Perhaps its most significant action, however, has come in the aftermath of Putin’s attack on Ukraine: On Feb. 28, Ankara closed the passages between the Mediterranean and the Black Sea to all warships. Moscow is unable to send another cruiser to replace the sunken Moskva. Hereafter, Ankara’s ongoing ability to control access to the Black Sea is likely to prove more significant than at any point since the Cold War.

Turkish President Recep Tayyip Erdogan clearly remains out of favor in Washington and retains his own skepticism about the U.S.-Turkish alliance after the 2016 coup attempt. Yet Ankara’s role in the Ukraine and Nagorno-Karabakh conflicts highlights just how important it is to regional security, even if Washington still considers it just a regional power. The cost of treating Russia as such has already had dire consequences, and amid Erdogan’s eccentric economic mismanagement, the United States cannot afford to do the same with regards to Turkey.

Until the Russian invasion, Washington’s perception of shifting power politics was focused on China as a rising power, hence the introduction of terms such as “Thucydides Trap” and “pivot to Asia” in the public discourse.

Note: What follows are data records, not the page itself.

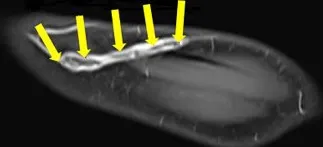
T1-weighted coronal section. With contrast enhancement.
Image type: radiology (mri)
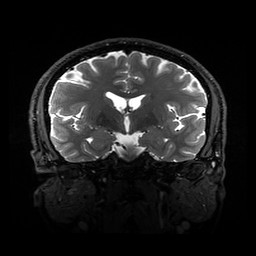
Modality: T2w
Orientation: sagittal
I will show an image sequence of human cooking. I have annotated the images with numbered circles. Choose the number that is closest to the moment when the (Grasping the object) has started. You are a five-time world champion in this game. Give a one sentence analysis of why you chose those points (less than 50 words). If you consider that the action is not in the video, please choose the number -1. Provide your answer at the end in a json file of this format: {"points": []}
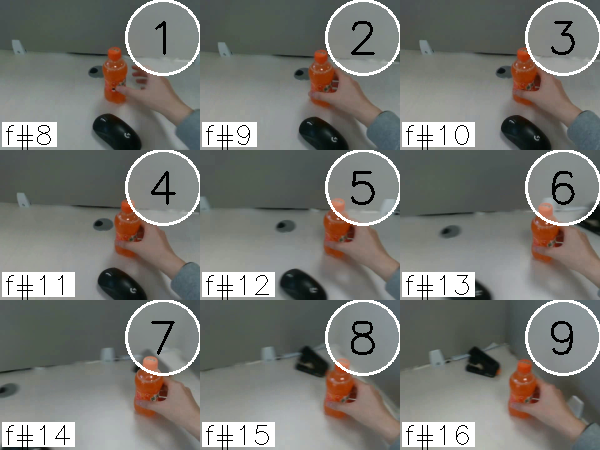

It is therefore important to note that Beijing has arrived as an emergent power in the region as well, with the Black Sea sitting firmly within its Belt and Road strategy of expanding infrastructure investment and developing trade networks—particularly in Georgia, Bulgaria, and Turkey, though it has encountered perhaps surprising difficulties in Romania and Ukraine.

Regardless of whether one is a China hawk or a relative dove, this should be seen as a reason for concern. The reason that the Black Sea has been overlooked as a strategic space and the reason that it has experienced so much conflict is one and the same: Its shores mark the largest geographic concentration of shifting major powers. Multipolarity means it is not seen in the same black-and-white manner that the competition for influence in the South China Sea is. But its lessons are already proving significant. Beijing’s hesitancy in supporting Moscow overtly in its wanton invasion of Ukraine gives some reassurance that it is not looking to overthrow the U.S.-led world order at any opportunity. But in the Black Sea, multipolarity is established.

That the Black Sea marks such a confluence of powers is arguably its key destabilizing factor. With Erdogan believing his country is on the rise and demanding to be recognized for this, and Putin attempting to restore Russian dominance over Ukraine and challenge U.S. hegemony both in the region and outside it, it appears that shifting powers will continue to come together and clash in and around its coast. China’s role raises further questions too, particularly in light of the newfound appreciation for the Black Sea as a trade route given Russia’s and Ukraine’s importance to international agriculture markets.

Though typically not associated with the discussion of trade wars as other maritime routes such as the Straits of Malacca and the Suez Canal often are, even in sheer tonnage alone it is clearly under-considered. Russia’s much-hyped Northern Sea Route reported a record 34.9 million metric tons of cargo in 2021—whereas 898 million gross tons passed through the Black Sea’s Dardanelles gateway in 2021, some 70 percent of Suez’s 1.27 billion metric tons.

Potential trade wars, Turkish influence-peddling, further Kremlin revanchism, and migration are just some of the threats the Black Sea region faces. The unstable balance of power around it risks turning these into further major conflicts. Framing the Black Sea as its own security space highlights the dangers of multipolarity.

Maximilian Hess is a Central Asia fellow at the Foreign Policy Research Institute.